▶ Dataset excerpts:
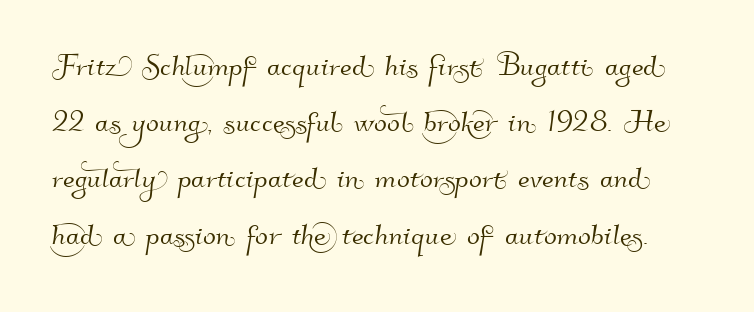
The vertical gap from one line to the next is medium. In terms of letterspacing, this is plain default setting. Each letter keeps its own natural width here, so spacing adapts to shape. Check under the words: just untouched page.
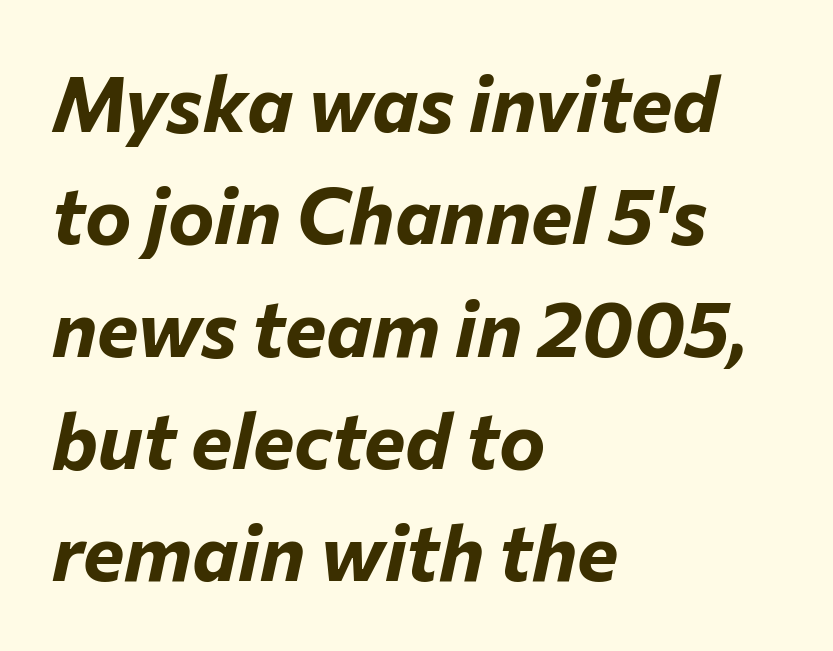
The image shows 78 px bold type, italic (leaning right); set left-aligned, normal line spacing (1.44x), normal letter spacing, not underlined; low stroke contrast and a medium x-height.
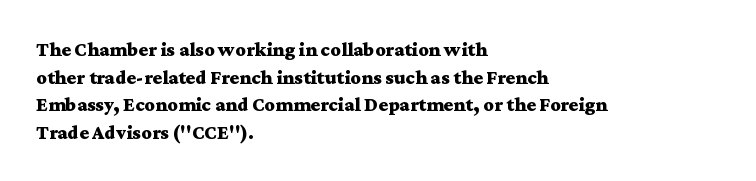
{"italic": "no", "bold": "yes", "underline": "no", "align": "left", "line_spacing": "normal", "line_spacing_ratio": 1.38, "letter_spacing": "normal", "letter_spacing_em": 0.0, "glyph_px": 20}
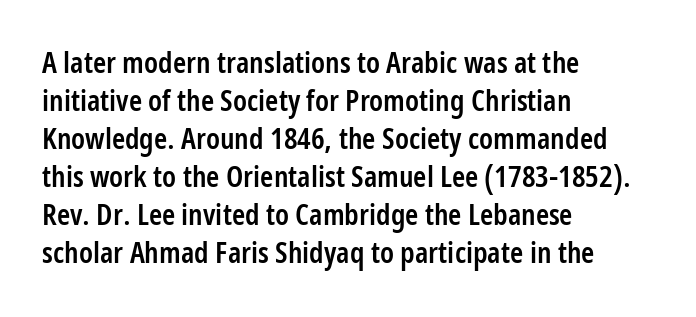
The glyphs have the mass of a demibold cut, below bold. The zone under the glyphs is completely vacant. This block has exactly the height ordinary leading produces. A typesetter would label this face a sans. Words appear dense and cohesive because spacing is normal.
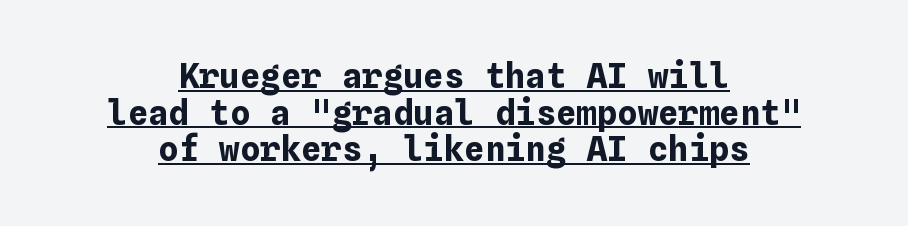
In CSS terms this would be text-align: center. The sample's only ornament is a line tracing under the words. I'd describe the lettering as bold — thick and assertive. When letters stand straight like this, we call the style roman or upright.
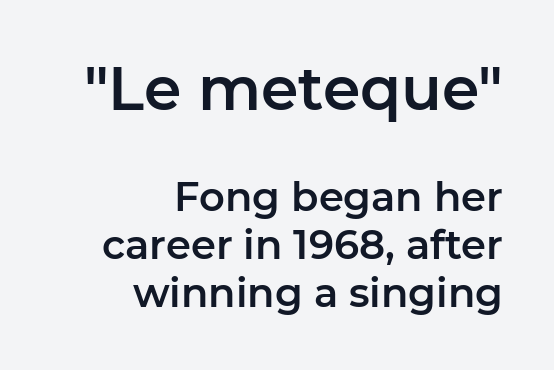
{"serif": "no", "italic": "no", "width": "normal", "stroke_contrast": "low", "x_height": "medium", "monospaced": "no", "underline": "no", "align": "right", "line_spacing_ratio": 1.21, "letter_spacing": "normal", "letter_spacing_em": 0.0, "larger_block": "first", "size_ratio": 1.5, "glyph_px": 60}
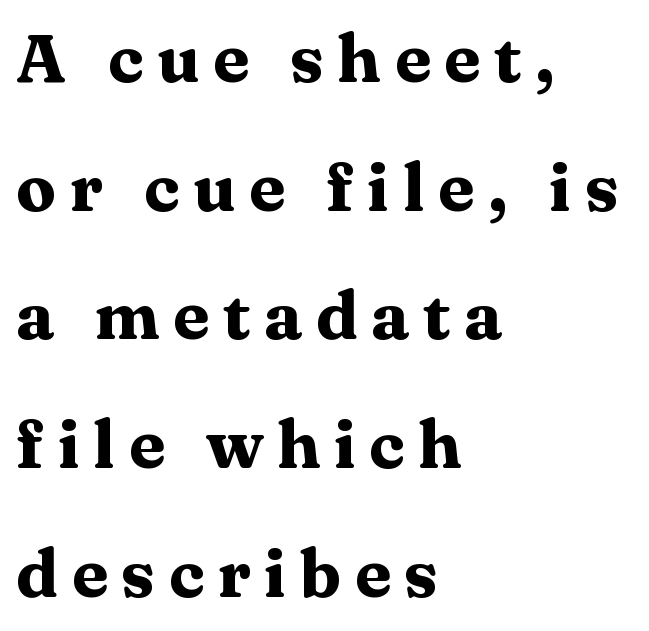
The image shows 67 px heavy, wide serif type, upright; set left-aligned, loose line spacing (1.92x), unusually wide letter spacing (+0.2 em), not underlined; medium stroke contrast and a medium x-height.
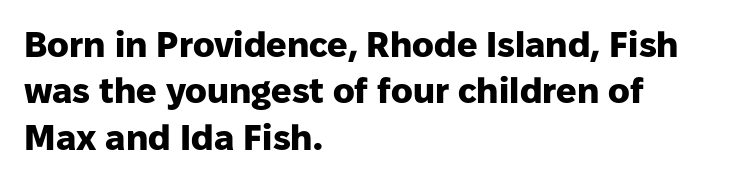
Is this a fixed-width face? No — the glyphs have proportional, varying widths. The passage shown is typeset with a sans-serif family. Descenders hang freely into open space. Normally led — the rows are evenly, conventionally spaced. Quick note: not italic, upright. Glyph-to-glyph distance matches everyday printed text.
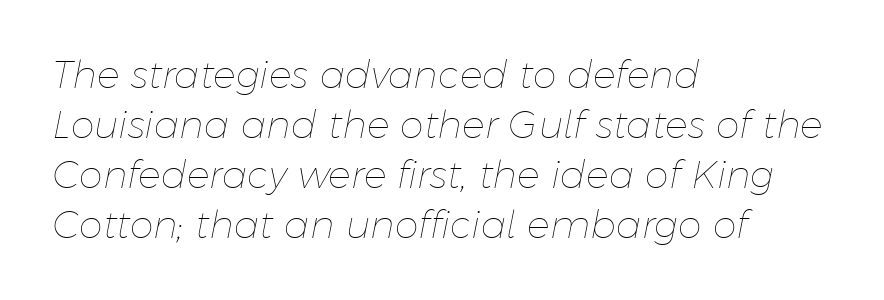
Q: Is the text bold? A: No.
Q: Is the text italic (slanted)? A: Yes, it leans right by about 11 degrees.
Q: Is the text underlined? A: No.
Q: How is the paragraph aligned? A: Left-aligned.
Q: Is the spacing between letters normal or unusually wide? A: Normal.
Q: Is the spacing between lines tight, normal or loose? A: Normal.
Q: Width (condensed, normal, or wide)? A: Normal.
Q: Stroke contrast? A: Low.
Q: x-height? A: Medium.
Q: Monospaced? A: No.
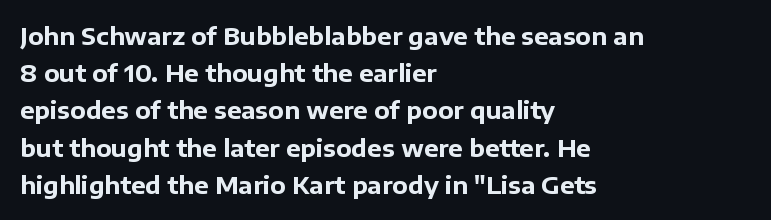
The passage shown has conventional tracking throughout. Underline: absent. The lines in this sample share a left origin and differ only in where they stop. These lines carry a lot of weight — the face is fully bold. Leading: standard. Characters remain perfectly vertical along every line.
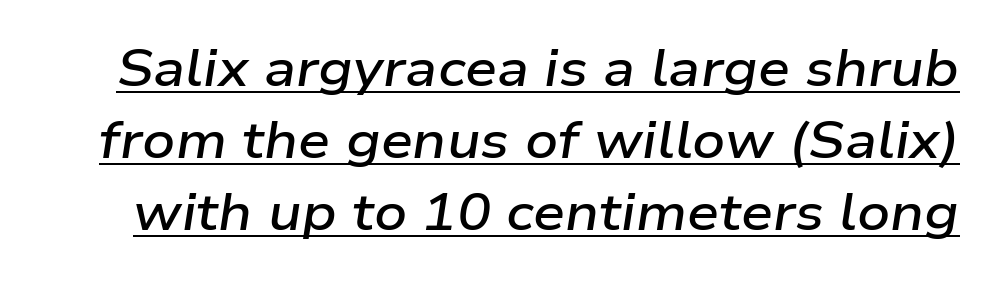
Q: Is the text bold? A: Semi-bold.
Q: Is the text italic (slanted)? A: Yes, it leans right by about 9 degrees.
Q: Is the text underlined? A: Yes.
Q: Is the spacing between letters normal or unusually wide? A: Normal.
Q: Is the spacing between lines tight, normal or loose? A: Normal.
Q: Width (condensed, normal, or wide)? A: Wide.
Q: Stroke contrast? A: Low.
Q: x-height? A: Medium.
Q: Monospaced? A: No.
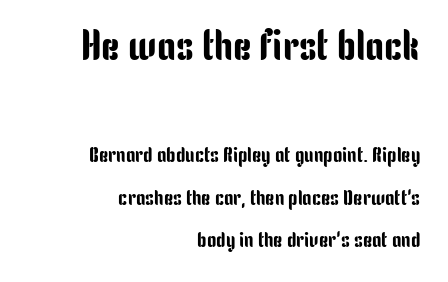
The glyphs are unaccompanied by any horizontal stroke below them. Typographically, this falls in the sans-serif category. What's the leading like? Stretched, with rows far apart. Do the characters align in a grid? No, the font is proportional.
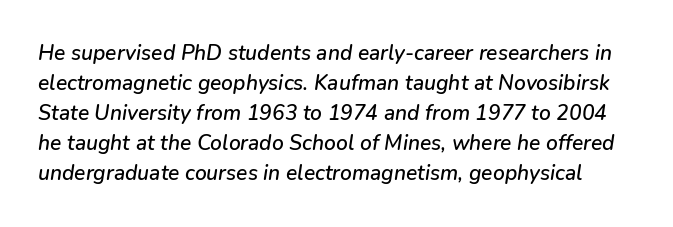
{"italic": "yes", "lean": "right", "slant_degrees": 9, "underline": "no", "line_spacing": "normal", "line_spacing_ratio": 1.43, "letter_spacing": "normal", "letter_spacing_em": 0.0, "glyph_px": 21}
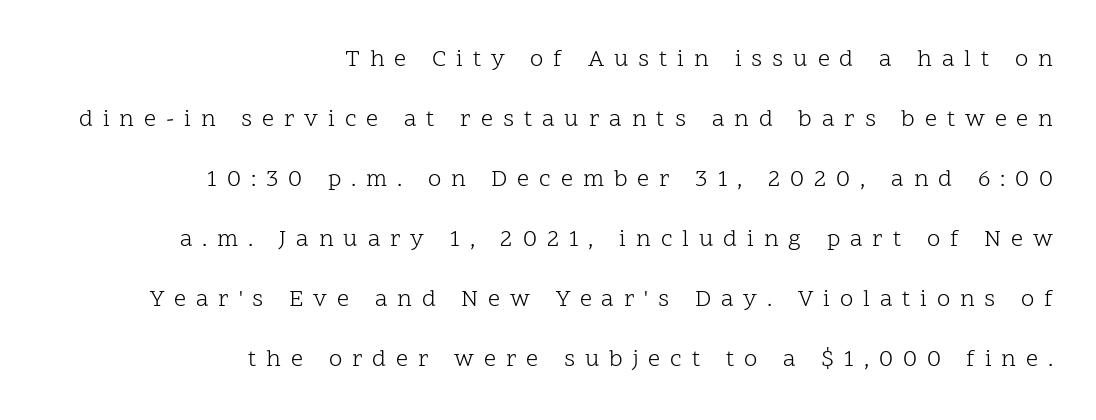
{"italic": "no", "bold": "no", "underline": "no", "align": "right", "line_spacing": "loose", "line_spacing_ratio": 2.5, "letter_spacing": "wide", "letter_spacing_em": 0.41, "glyph_px": 24}

▶ WHAT IS REQUIRED: Write out the line that contains "The passage shown has" and every line after it to the end of the data, exactly as they stand. Omit the pictures.

▶ EXERCISE OUTPUT:
The passage shown has conventional tracking throughout. Underline: absent. The lines in this sample share a left origin and differ only in where they stop. These lines carry a lot of weight — the face is fully bold. Leading: standard. Characters remain perfectly vertical along every line.
Q: Is the text bold? A: Semi-bold.
Q: Is the text italic (slanted)? A: Yes, it leans right by about 9 degrees.
Q: Is the text underlined? A: Yes.
Q: Is the spacing between letters normal or unusually wide? A: Normal.
Q: Is the spacing between lines tight, normal or loose? A: Normal.
Q: Width (condensed, normal, or wide)? A: Wide.
Q: Stroke contrast? A: Low.
Q: x-height? A: Medium.
Q: Monospaced? A: No.
The glyphs are unaccompanied by any horizontal stroke below them. Typographically, this falls in the sans-serif category. What's the leading like? Stretched, with rows far apart. Do the characters align in a grid? No, the font is proportional.
{"italic": "yes", "lean": "right", "slant_degrees": 9, "underline": "no", "line_spacing": "normal", "line_spacing_ratio": 1.43, "letter_spacing": "normal", "letter_spacing_em": 0.0, "glyph_px": 21}
{"italic": "no", "bold": "no", "underline": "no", "align": "right", "line_spacing": "loose", "line_spacing_ratio": 2.5, "letter_spacing": "wide", "letter_spacing_em": 0.41, "glyph_px": 24}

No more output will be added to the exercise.